There is normally significantly more trunking available than there are PSAP attendants. This is logical and common in contact centers, as it allows callers to have their calls “answered” and put into a queue waiting for attendants. For a TDoS attack against 911 to have effect, it needs to “clog” or saturate these trunks. If the attacker can overwhelm the entire trunking capacity, then some legitimate callers won’t have their calls answered. Even if the attack does not overwhelm all trunking, it will still have an impact on attendants, because they will waste a small amount of time answering the TDoS calls. There are also multiple “trunk groups”, which are collections of physical channels into the PSAP. If an attack can overwhelm one of these trunk groups, the attack may not overwhelm the entire capacity of the PSAP, but it will affect legitimate calls coming from that trunk group. The biggest trunk group is normally mobile.

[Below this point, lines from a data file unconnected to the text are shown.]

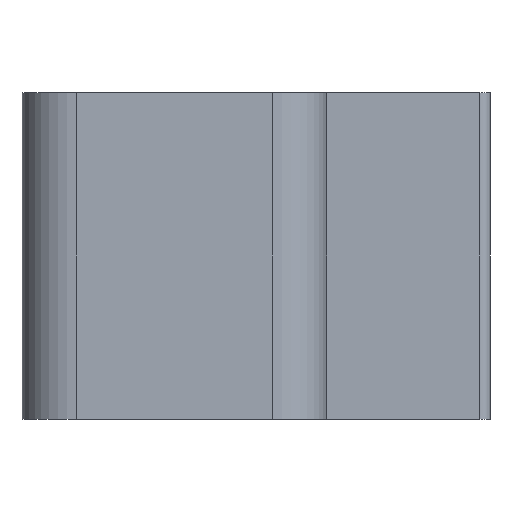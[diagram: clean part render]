
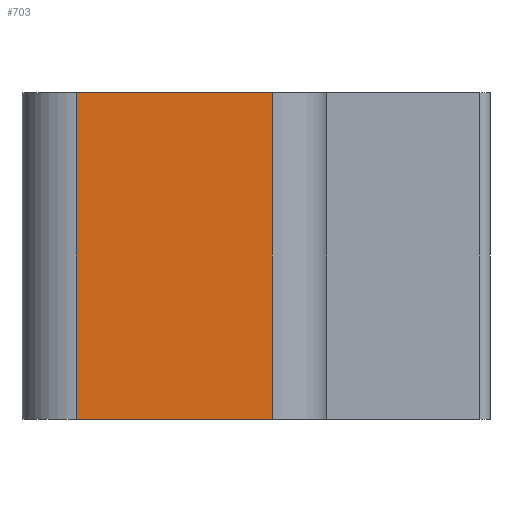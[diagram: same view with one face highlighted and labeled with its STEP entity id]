
A CAD part, left-side view. The second image highlights one B-rep face of the part: STEP entity #703.
In plain terms, the highlighted planar face has unit normal (-1, 0, 0).
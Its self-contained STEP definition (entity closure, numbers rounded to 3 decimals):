
#117=DIRECTION('',(0.,0.,-1.));
#118=VECTOR('',#117,30.);
#119=CARTESIAN_POINT('',(-22.998,-13.667,30.));
#120=LINE('',#119,#118);
#121=DIRECTION('',(0.,-1.,0.));
#122=VECTOR('',#121,18.);
#123=CARTESIAN_POINT('',(-22.998,4.333,0.));
#124=LINE('',#123,#122);
#125=DIRECTION('',(0.,0.,-1.));
#126=VECTOR('',#125,30.);
#127=CARTESIAN_POINT('',(-22.998,4.333,30.));
#128=LINE('',#127,#126);
#129=DIRECTION('',(0.,1.,0.));
#130=VECTOR('',#129,18.);
#131=CARTESIAN_POINT('',(-22.998,-13.667,30.));
#132=LINE('',#131,#130);
#413=CARTESIAN_POINT('',(-22.998,4.333,0.));
#414=VERTEX_POINT('',#413);
#415=CARTESIAN_POINT('',(-22.998,4.333,30.));
#416=VERTEX_POINT('',#415);
#417=CARTESIAN_POINT('',(-22.998,-13.667,0.));
#418=VERTEX_POINT('',#417);
#419=CARTESIAN_POINT('',(-22.998,-13.667,30.));
#420=VERTEX_POINT('',#419);
#690=CARTESIAN_POINT('',(-22.998,-4.667,15.));
#691=DIRECTION('',(1.,0.,0.));
#692=DIRECTION('',(0.,-1.,0.));
#693=AXIS2_PLACEMENT_3D('',#690,#691,#692);
#694=PLANE('',#693);
#695=ORIENTED_EDGE('',*,*,#543,.F.);
#697=ORIENTED_EDGE('',*,*,#696,.F.);
#699=ORIENTED_EDGE('',*,*,#698,.F.);
#700=ORIENTED_EDGE('',*,*,#682,.T.);
#701=EDGE_LOOP('',(#695,#697,#699,#700));
#702=FACE_OUTER_BOUND('',#701,.F.);
#703=ADVANCED_FACE('',(#702),#694,.F.);
#543=EDGE_CURVE('',#414,#418,#124,.T.);
#682=EDGE_CURVE('',#420,#418,#120,.T.);
#696=EDGE_CURVE('',#416,#414,#128,.T.);
#698=EDGE_CURVE('',#420,#416,#132,.T.);

A large metro area PSAP will have multiple end offices switches, which provide landline access to various geographic areas. Each of these end offices has some amount of dedicated trunking for 911, which may be around 10 trunks. If an attack originates through one of these end offices, the most calls that will reach the PSAP is say 10 simultaneous calls. The attacker can’t overwhelm the PSAP unless they saturate the trunking from all or many of these end offices. However, there is a significant amount of trunking from the mobile network, since generally, the majority of calls to a PSAP, as much as 75%, are mobile. Therefore, this is where the overall PSAP capacity can be saturated. This is also where attacks from a smartphone-based botnet would arrive.

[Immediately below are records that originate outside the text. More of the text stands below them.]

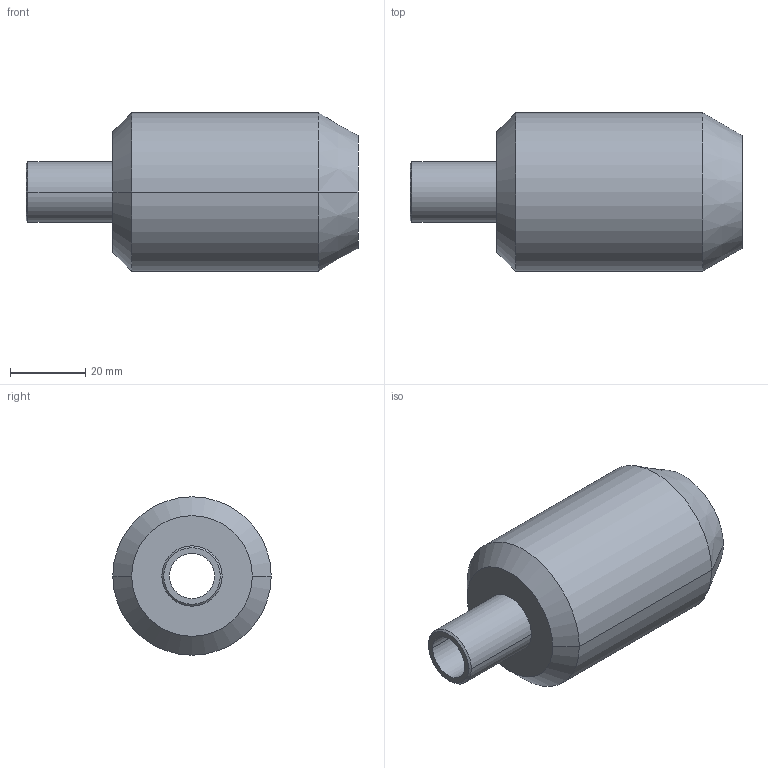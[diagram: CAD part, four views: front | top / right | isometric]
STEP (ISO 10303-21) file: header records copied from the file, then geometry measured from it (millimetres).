
FILE_DESCRIPTION((''),'2;1');
FILE_NAME('8422001489','2020-06-23T12:32:23',('thiemer'),(''),'CREO PARAMETRIC BY PTC INC, 2018400','CREO PARAMETRIC BY PTC INC, 2018400','');
FILE_SCHEMA(('AUTOMOTIVE_DESIGN { 1 0 10303 214 1 1 1 1 }'));
Length unit declared in the file: millimetre
Products named in the file (1): 8422001489
Bounding box: 88 x 42 x 42 mm (x, y, z)
Volume: 77641.3 mm3; surface area: 14750.9 mm2
Topology: 1 solids, 1 shells, 18 faces, 36 edges, 22 vertices
Faces by surface type: cylinder 8, cone 6, plane 4
Entity records: 1062 total; most frequent: DIRECTION 128, CARTESIAN_POINT 100, ORIENTED_EDGE 72, PRESENTATION_STYLE_ASSIGNMENT 58, STYLED_ITEM 58, CURVE_STYLE 57, AXIS2_PLACEMENT_3D 52, PROPERTY_DEFINITION 52
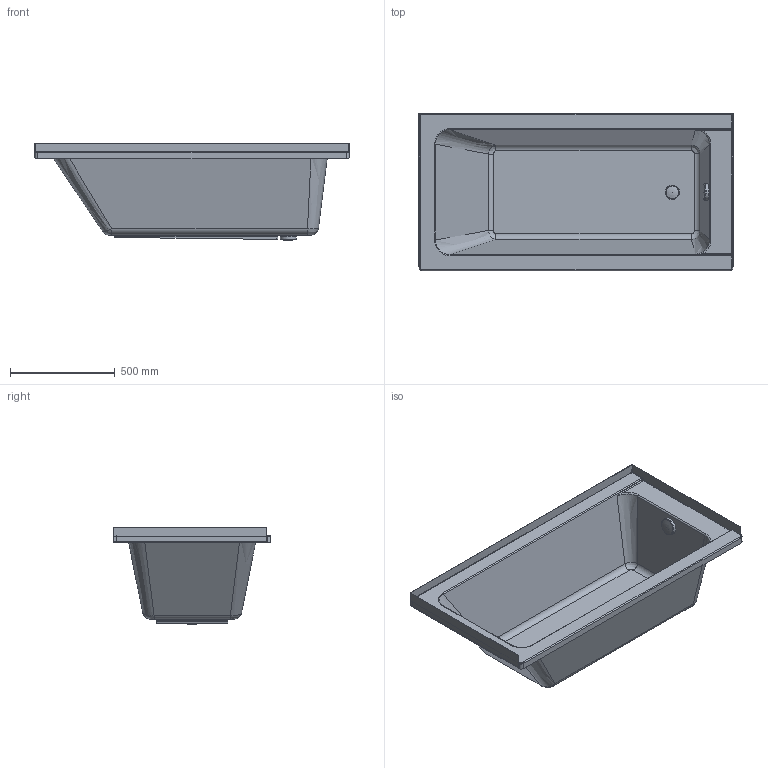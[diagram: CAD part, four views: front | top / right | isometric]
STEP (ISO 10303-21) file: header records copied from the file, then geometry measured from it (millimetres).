
FILE_DESCRIPTION((''),'2;1');
FILE_NAME('700095_2_US.stp','2015-05-21T11:43:27',('Administrator'),(''),'Autodesk Inventor 2011','Autodesk Inventor 2011','');
FILE_SCHEMA(('CONFIG_CONTROL_DESIGN'));
Length unit declared in the file: millimetre
Products named in the file (6): 700095_2_US; 700095; Verschluss_Ueberlauf; Stopfen; Kelch; Aluminiumblech Wanne
Assembly tree (5 placements, depth 2):
  700095_2_US
    700095
    Verschluss_Ueberlauf
    Stopfen
    Kelch
    Aluminiumblech Wanne
Bounding box: 1502.54 x 751.27 x 467.19 mm (x, y, z)
Volume: 27157626 mm3; surface area: 4904689.2 mm2
Topology: 5 solids, 6 shells, 175 faces, 416 edges, 253 vertices
Faces by surface type: cylinder 62, plane 57, bspline 30, torus 21, cone 3, sphere 2
Full cylindrical faces by diameter (mm): 20 x1, 25 x1, 42 x1, 44 x1, 52 x1, 60 x1, 75 x1, 79 x1, 79.999 x1
Entity records: 7298 total; most frequent: CARTESIAN_POINT 3338, DIRECTION 776, ORIENTED_EDGE 770, EDGE_CURVE 385, AXIS2_PLACEMENT_3D 300, VERTEX_POINT 247, EDGE_LOOP 206, VECTOR 176
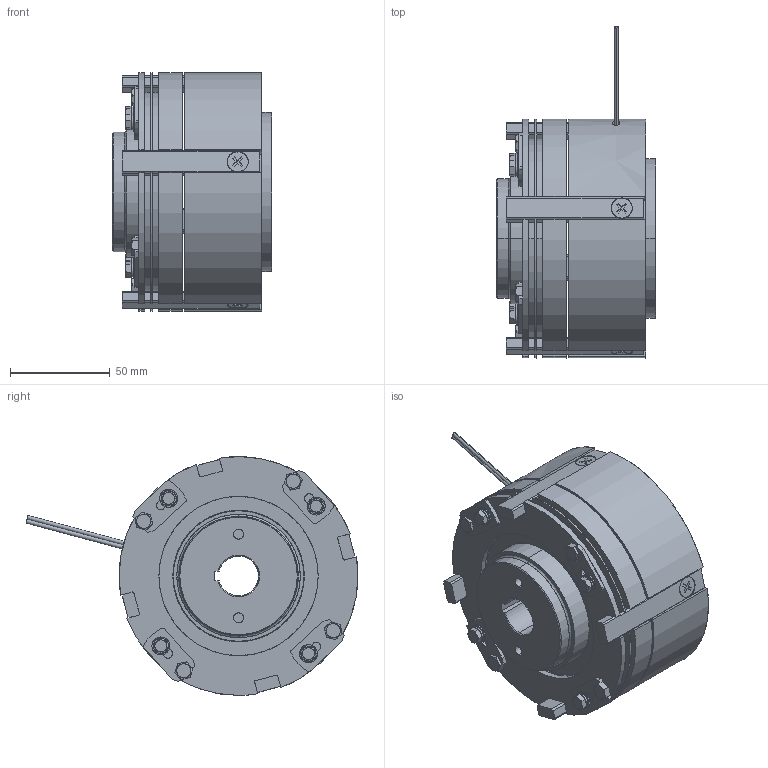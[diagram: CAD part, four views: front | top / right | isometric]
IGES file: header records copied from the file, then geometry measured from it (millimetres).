
Start section: SolidWorks IGES file using analytic representation for surfaces
Global section: file name: YPP616658.IGS; native system: SolidWorks 2016; preprocessor: SolidWorks 2016; author: z03766; date: 201224.152425; units: millimetre
Bounding box: 80 x 166.77 x 120 mm (x, y, z)
Surface area: 148682.1 mm2 (no closed solid volume)
Topology: 0 solids, 0 shells, 539 faces, 7495 edges, 7471 vertices
Faces by surface type: bspline 333, revolution 206

Furthermore, we also saw a recent actual attack, where a young hacker posted a link on Twitter, to a website with malicious code. There were over 10,000 followers of the Twitter account and of course, the link was obscured though bit.ly. When the link was clicked, the malicious code used the click-to-dial feature on iOS smartphones, in code that looped 1,000,000 times and continually made calls to 911. Most of the people who clicked on the link were in the Phoenix area. What is interesting about this attack is how simple the malicious code was. It wasn’t a sophisticated bit of malware, which leveraged some obscure feature of the smartphone – it simply used the click-to-dial feature in a loop. It wasn’t a botnet. Pretty much anyone could create this malware.

So in summary, we have a situation where the most vulnerable part of a PSAP is the mobile trunking, the easiest way to generate a TDoS attack on a PSAP is through compromised smartphones, the code needed to generate calls on smartphones is trivial, and we have had an “accidental” attack in the wild. Unfortunately, we expect to see more deliberate attacks in the future.